The Australian stock market has fallen over three per cent in early trade, after Wall St plunged overnight on news the US is in recession.

The Australian stock market has fallen over three per cent in early trade, after Wall St plunged overnight on news the US is in recession.

The benchmark S&P/ASX200 dropped 123.3 points to 3,557.9 within 15 minutes of the market opening while the broader All Ordinaries was down 117.9 points at 3,501.1.

European markets were also sharply weaker, as the rally from last week came to a grinding halt after news of deeper economic woes in Germany, France and the full 15-nation eurozone and weak data from India and China.

Yesterday  the benchmark S&P/ASX 200 fell 61.3 points to 3,681.2 and the broader All
Ordinaries lost 53.7 points, or 1.5 percent, to 3,619.0.
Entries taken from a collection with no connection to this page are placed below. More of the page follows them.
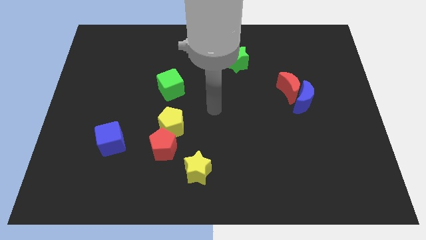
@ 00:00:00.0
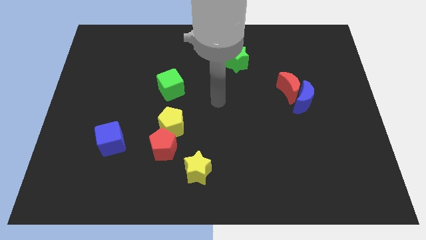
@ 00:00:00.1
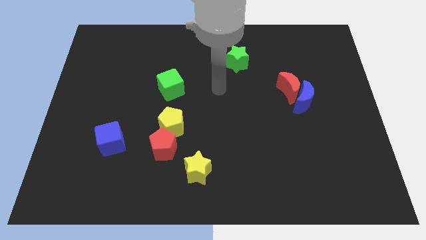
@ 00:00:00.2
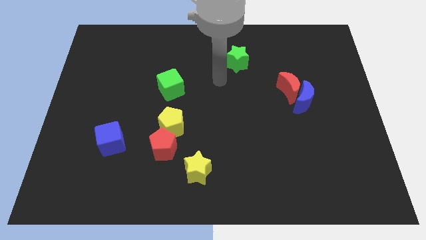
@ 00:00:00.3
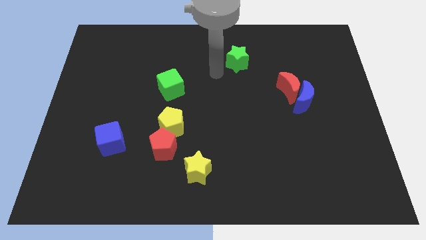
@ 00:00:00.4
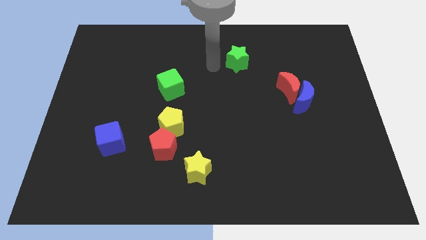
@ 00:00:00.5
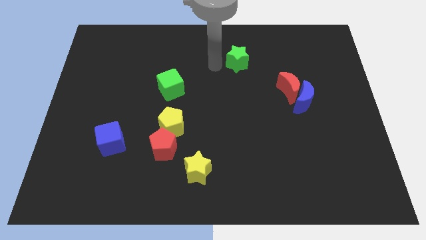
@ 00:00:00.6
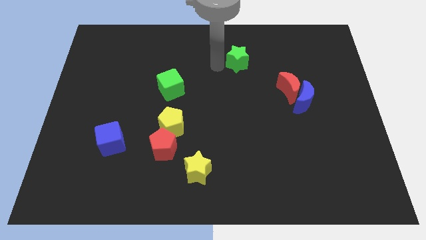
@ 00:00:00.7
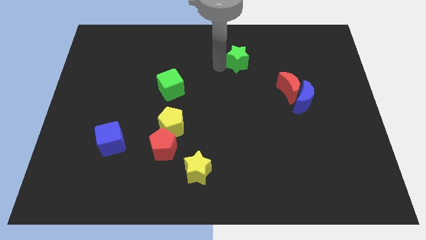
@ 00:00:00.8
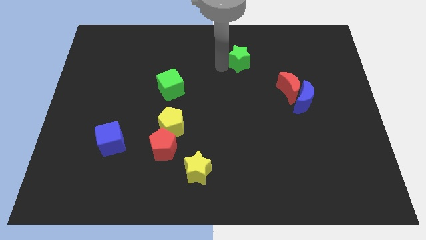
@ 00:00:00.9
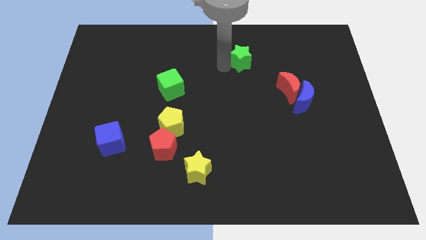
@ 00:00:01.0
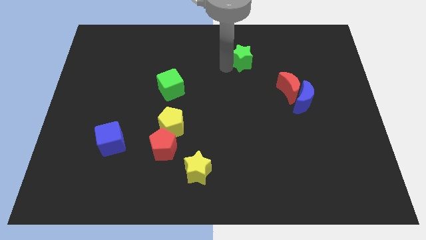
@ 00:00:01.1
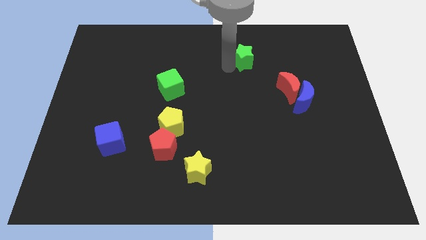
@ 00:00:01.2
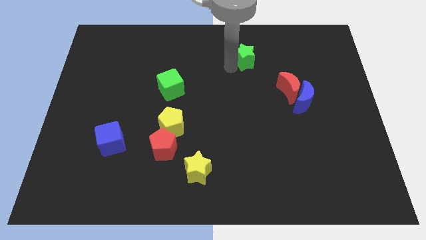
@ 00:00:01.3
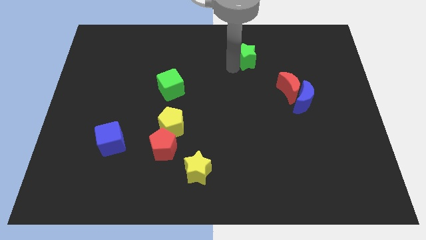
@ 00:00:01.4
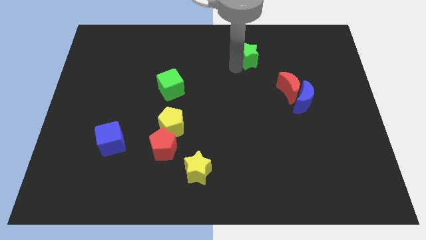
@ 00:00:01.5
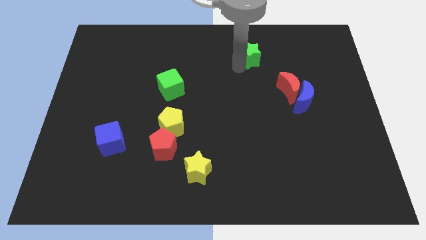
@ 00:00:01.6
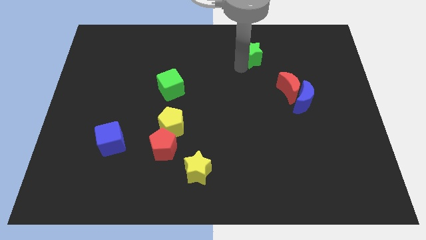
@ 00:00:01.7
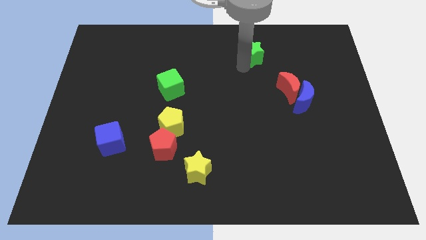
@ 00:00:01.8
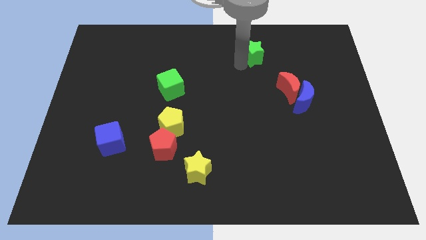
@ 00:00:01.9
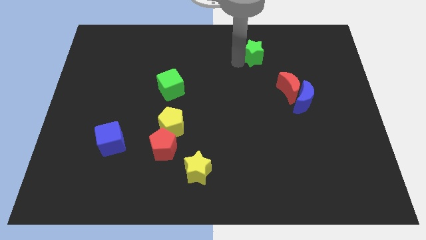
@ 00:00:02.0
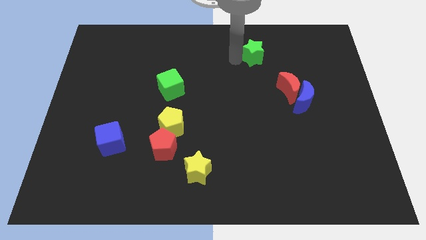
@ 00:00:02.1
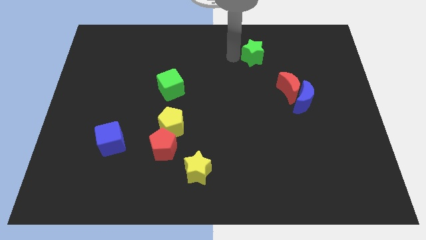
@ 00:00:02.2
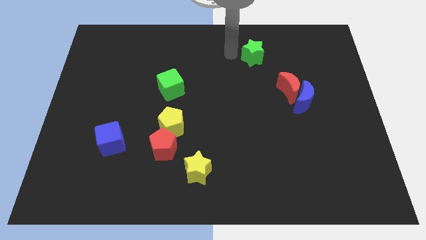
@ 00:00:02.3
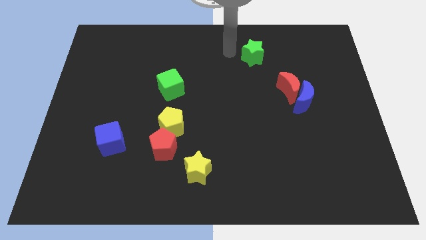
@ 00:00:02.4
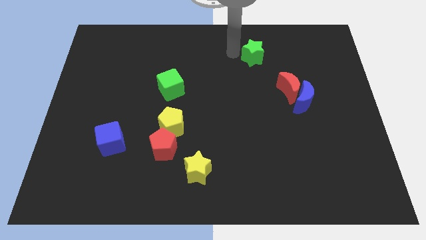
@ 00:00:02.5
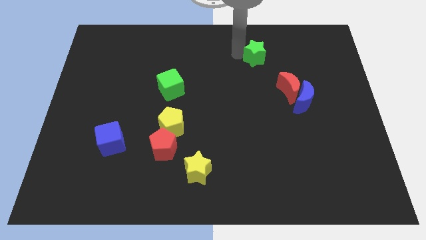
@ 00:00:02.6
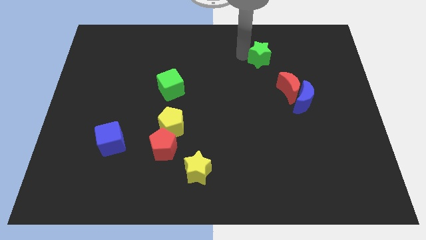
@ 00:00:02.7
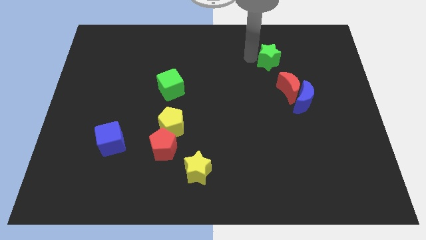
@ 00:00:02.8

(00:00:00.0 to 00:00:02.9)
move the green star a little to the right

Australian shares closed 4.3 percent higher Friday on across-the-board gains but the momentum failed to continue despite the Dow Jones Industrial Average closing last week up 102.43, or 1.17 percent, at 8,829.04 points.
 

US 'in recession' since 2007

Global markets are set to take a hammering after an economic panel has revealed the US is now another country to officially join the list of recession nations.

A private panel of US economists charged with the official designation of business cycles, the Business Cycle Dating Committee of the National Bureau of Economic Research (NBER) said it had determined the world's largest economy had been in recession since December 2007.
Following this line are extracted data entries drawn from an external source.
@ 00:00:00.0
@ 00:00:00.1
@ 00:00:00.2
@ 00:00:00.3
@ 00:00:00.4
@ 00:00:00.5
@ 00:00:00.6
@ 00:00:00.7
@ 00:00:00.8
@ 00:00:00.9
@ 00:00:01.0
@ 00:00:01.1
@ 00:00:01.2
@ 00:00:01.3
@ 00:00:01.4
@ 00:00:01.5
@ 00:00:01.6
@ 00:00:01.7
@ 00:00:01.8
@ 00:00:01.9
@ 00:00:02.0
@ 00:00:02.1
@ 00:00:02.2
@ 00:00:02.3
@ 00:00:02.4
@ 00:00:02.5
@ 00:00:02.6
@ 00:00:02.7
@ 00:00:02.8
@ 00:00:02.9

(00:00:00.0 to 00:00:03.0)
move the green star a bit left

Although a recession is generally defined as two consecutive quarters of declining activity, the panel has its own criteria for determining a downturn.

US President George W. Bush's administration acknowledged the NBER conclusion and said it has been working to foster recovery.

"The most important things we can do for the economy right now are to return the financial and credit markets to normal, and to continue to make progress in housing, and that's where we'll continue to focus," White House spokesman Tony Fratto said.

In the US, with the auto sector teetering on the brink of collapse, the heads of the "Big Three" -- General Motors, Ford and Chrysler -- were to return to Congress this week to plead for a rescue package.

Embattled Ford said Monday it would consider selling its Sweden-based subsidiary Volvo Car.

In Japan, sales of new cars plunged 27.3 percent in November to 215,783 vehicles, the lowest since 1969, the Japan Automobile Dealers Association said.

Auto manufacturers in Europe also struggled. Sales of new cars plummeted an unadjusted 14 percent in November from a year earlier in France and 5.0 percent on a comparable number of working days.

The series of gloomy reports battered US and European stock markets.

Wall Street plunged, with the Dow Jones industrials falling 7.7 percent while the broad-market Standard & Poor's 500 index sank 8.93 percent.

A new set of grim figures pointed to a deepening recession in Europe, officials painted a grim outlook for Japan and a top auto chief warned of "massive" job losses in the auto industry.

Fresh data released on Monday showed German retail sales fell 1.6 percent in October from the previous month, while in France a closely watched index of manufacturing activity fell to 37.3 in November, its worst-ever reading.